◆ **Directions**
Working line by line, output the entries below exactly as they appear.

◆ **Data for processing**
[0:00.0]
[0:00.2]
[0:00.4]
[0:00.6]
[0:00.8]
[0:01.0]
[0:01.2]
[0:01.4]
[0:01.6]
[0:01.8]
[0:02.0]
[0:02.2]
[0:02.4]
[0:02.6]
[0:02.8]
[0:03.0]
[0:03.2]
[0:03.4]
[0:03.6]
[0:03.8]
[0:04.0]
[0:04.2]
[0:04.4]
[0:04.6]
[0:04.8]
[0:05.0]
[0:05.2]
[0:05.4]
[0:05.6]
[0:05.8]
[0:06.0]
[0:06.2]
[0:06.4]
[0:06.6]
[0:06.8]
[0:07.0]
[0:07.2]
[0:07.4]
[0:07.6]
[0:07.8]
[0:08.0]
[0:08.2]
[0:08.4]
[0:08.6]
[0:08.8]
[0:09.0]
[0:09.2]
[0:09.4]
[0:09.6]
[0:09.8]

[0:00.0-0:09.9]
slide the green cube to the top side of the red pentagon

◆ **Exercise response**
[0:00.0]
[0:00.2]
[0:00.4]
[0:00.6]
[0:00.8]
[0:01.0]
[0:01.2]
[0:01.4]
[0:01.6]
[0:01.8]
[0:02.0]
[0:02.2]
[0:02.4]
[0:02.6]
[0:02.8]
[0:03.0]
[0:03.2]
[0:03.4]
[0:03.6]
[0:03.8]
[0:04.0]
[0:04.2]
[0:04.4]
[0:04.6]
[0:04.8]
[0:05.0]
[0:05.2]
[0:05.4]
[0:05.6]
[0:05.8]
[0:06.0]
[0:06.2]
[0:06.4]
[0:06.6]
[0:06.8]
[0:07.0]
[0:07.2]
[0:07.4]
[0:07.6]
[0:07.8]
[0:08.0]
[0:08.2]
[0:08.4]
[0:08.6]
[0:08.8]
[0:09.0]
[0:09.2]
[0:09.4]
[0:09.6]
[0:09.8]

[0:00.0-0:09.9]
slide the green cube to the top side of the red pentagon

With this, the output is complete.